Ника некоторое время молчала, видимо принимая про себя какое-то решение. В наступившей тишине коротко зажужжал ее смартфон; она бросила взгляд на экран и встала из-за стола.
— Машина пришла, — сказала она. — Вы все неправильно поняли, Михаил Евгеньевич. Мы не искали никаких исторических документов, и существование этого письма — такая же неожиданность для нас, как и для вас. Я вела группу Филатова, потому что нас интересовала она сама. Эти люди. Они интересные, предприимчивые. Многое умеют. Совершенно неправильно свои умения применяют. Они могут… приносить пользу, а не заниматься чем ни попадя, нарушая закон направо и налево. Теперь у нас есть предмет для разговора. В нынешнем своем виде эта группа сегодня перестала существовать, а чем она может стать под правильным руководством — покажет время. А это… — В дверь позвонили. Ника легко вздохнула и подхватила документы с комода. — Это, простите, история и литература. Совсем не моя специализация.
— Вам не надо взять с нас какую-то подписку о неразглашении? — с сомнением спросила Ольга. Ника уже надевала ботинки, не выпуская документов из рук, — вставила ногу в правый, потом, балансируя, в левый. Ботинки были самые обычные, изрядно потрепанные.
— Нет, конечно. — Ника бросила короткий взгляд на двух невыразительных, но крепких личностей, ожидавших ее у двери. — Разглашайте сколько хотите. Интернет полон людей, утверждающих самые странные вещи. Земля плоская. Хлеб — это яд. Толстой — это Золя. Или наоборот. Спасибо вам за помощь и до свидания.
Хлопнула дверь, и Ольга с Молодцовым остались в прихожей одни.
— Вот и все, — произнесла Ольга, сама до конца не веря, что это — действительно все. — Надо вызывать такси и ехать домой. А ведь там до сих пор все перевернуто вверх дном. И дверь открыта, наверное…
— Так оставайся, — сказал Молодцов. — Или у тебя есть… другой план?
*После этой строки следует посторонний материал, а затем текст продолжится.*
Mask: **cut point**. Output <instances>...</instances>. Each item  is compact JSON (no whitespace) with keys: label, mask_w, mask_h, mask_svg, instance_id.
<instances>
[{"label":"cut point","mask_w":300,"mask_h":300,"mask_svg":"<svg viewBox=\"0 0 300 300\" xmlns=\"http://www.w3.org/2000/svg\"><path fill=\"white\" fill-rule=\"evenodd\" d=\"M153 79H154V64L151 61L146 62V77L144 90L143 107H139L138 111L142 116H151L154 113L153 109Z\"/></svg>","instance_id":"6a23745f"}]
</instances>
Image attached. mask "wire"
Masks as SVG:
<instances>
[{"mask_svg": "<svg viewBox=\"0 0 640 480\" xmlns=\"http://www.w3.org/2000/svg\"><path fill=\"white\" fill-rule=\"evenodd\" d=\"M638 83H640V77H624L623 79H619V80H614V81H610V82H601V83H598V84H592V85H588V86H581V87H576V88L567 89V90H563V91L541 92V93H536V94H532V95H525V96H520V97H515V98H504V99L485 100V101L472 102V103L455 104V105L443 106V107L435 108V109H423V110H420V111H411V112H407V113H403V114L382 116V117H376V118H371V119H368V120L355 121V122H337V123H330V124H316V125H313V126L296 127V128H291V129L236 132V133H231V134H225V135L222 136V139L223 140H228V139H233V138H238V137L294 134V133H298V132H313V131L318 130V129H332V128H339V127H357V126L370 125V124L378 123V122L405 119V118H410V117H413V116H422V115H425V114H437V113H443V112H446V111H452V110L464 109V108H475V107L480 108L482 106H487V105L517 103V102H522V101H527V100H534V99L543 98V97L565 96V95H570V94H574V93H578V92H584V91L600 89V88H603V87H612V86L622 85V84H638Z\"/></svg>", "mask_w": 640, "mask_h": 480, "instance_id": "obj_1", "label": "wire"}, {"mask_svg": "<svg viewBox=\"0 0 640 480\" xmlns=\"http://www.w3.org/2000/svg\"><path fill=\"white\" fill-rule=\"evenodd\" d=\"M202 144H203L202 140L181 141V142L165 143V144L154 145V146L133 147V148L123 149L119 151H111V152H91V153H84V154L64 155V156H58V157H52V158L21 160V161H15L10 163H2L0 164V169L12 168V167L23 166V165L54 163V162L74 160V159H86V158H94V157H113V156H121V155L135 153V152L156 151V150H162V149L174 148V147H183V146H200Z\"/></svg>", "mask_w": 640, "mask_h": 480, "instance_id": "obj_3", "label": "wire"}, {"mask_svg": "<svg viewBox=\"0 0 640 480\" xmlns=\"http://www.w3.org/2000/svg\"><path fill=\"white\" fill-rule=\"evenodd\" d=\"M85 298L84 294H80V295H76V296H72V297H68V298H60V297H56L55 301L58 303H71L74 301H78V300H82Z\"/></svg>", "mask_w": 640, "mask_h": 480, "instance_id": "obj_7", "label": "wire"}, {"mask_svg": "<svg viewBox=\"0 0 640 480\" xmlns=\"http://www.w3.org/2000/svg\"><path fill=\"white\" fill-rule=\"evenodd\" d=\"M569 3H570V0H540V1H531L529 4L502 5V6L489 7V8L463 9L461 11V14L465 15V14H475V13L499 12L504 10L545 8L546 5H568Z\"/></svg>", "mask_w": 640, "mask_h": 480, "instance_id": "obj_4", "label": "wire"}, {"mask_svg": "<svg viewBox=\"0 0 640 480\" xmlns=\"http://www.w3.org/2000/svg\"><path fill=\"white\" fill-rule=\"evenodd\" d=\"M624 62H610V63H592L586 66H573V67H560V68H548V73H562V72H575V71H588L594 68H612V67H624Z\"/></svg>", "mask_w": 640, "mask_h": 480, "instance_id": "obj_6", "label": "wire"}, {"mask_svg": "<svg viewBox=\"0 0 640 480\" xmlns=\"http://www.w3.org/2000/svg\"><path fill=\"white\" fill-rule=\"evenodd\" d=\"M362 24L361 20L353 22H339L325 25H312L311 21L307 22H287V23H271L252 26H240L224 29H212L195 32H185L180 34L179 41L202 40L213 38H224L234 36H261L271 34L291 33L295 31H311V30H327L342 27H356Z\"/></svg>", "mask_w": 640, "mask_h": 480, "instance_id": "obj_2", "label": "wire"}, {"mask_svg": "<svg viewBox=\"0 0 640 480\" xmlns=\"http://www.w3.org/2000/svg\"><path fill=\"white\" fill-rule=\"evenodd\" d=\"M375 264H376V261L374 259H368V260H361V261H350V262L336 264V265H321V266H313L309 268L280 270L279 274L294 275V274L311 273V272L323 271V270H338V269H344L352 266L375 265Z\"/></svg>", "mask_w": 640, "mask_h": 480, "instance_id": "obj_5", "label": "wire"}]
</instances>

— Нет другого плана, — ответила Ольга. — Я просто буду жить дальше.
Константин Петрович знал, что жить ему осталось недолго.
Для своей страны он сделал все, что мог. Титаническими усилиями он отодвинул революцию на двадцать пять лет, невзирая на глупость и подлость, которые противодействовали ему со всех сторон. Все это время он чувствовал себя одиноким атлантом, удерживающим огромную тяжеленную Россию над пропастью, сверхчеловеком, делавшим то, на что не был способен никто иной. Но время шло, и ноша его становилась все тяжелее, а сил у него — все меньше, и наконец они иссякли совсем.
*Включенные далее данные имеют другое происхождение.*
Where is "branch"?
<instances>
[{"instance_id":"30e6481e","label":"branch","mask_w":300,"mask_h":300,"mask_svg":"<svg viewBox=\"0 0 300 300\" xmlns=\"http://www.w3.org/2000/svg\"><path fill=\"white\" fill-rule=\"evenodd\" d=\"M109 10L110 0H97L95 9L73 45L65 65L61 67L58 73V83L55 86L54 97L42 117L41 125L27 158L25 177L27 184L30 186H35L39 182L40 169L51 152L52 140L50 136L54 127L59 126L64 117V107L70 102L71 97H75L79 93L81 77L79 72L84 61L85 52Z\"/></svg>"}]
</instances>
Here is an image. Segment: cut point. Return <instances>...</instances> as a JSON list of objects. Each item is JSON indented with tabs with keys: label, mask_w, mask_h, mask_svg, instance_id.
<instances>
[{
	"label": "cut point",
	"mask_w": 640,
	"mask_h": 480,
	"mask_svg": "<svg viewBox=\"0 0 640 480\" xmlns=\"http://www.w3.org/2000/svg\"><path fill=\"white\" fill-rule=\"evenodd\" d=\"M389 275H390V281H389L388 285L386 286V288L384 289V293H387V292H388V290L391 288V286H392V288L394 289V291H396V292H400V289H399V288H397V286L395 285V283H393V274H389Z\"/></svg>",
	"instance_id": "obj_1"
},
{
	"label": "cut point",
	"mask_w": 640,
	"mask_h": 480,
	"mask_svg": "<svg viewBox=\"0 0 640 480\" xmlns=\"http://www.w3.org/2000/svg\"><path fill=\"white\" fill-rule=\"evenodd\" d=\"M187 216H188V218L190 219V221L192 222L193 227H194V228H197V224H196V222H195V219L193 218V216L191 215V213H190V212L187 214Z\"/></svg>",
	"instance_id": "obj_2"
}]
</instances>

Он неимоверно устал, а смена так и не пришла.
Зато враги его обновились и окрепли. За двадцать пять лет народилось новое поколение социалистов — не наивных курсисток, а организованных вооруженных бандитов, которые сразу же взялись за револьверы и бомбы, не размениваясь уже ни на какое «хождение». Первым делом они создали боевую организацию, которая, не стесняясь, во всеуслышание объявила свои цели: убить Победоносцева и Сипягина.
Сипягин был уже мертв. Двадцатилетний террорист в адъютантской форме всадил в него две пули в упор, прямо в Мариинском дворце, в Комитете министров. Константин Петрович не испытывал ни малейших иллюзий по поводу того, кто будет следующим.
Ему шел семьдесят пятый год. Он не боялся смерти. Ему было смешно. Революционная мысль, прямо скажем, — убить Победоносцева! Новая, свежая! Да его уже лет десять пытались убить все кому не лень. Сумасшедший с церковноцветочной фамилией Гиацинтов кидался на него с ножом. Другой сумасшедший, мелкий чиновник из Самарской губернии, стрелял в окно его кабинета на Литейном. Было это через две недели после отлучения Бороды от церкви, и Константин Петрович даже усомнился — нет ли тут причинно-следственной связи? Но нет, несчастный стрелок безостановочно бормотал какой-то бред: Победоносцев виноват, потому что учредил церковно-приходские школы, сеющие в народе невежество и суеверие. Мысль о школах, открытых с целью сеять невежество, была так неимоверно хороша, что Константин Петрович на первом допросе решил, что ослышался.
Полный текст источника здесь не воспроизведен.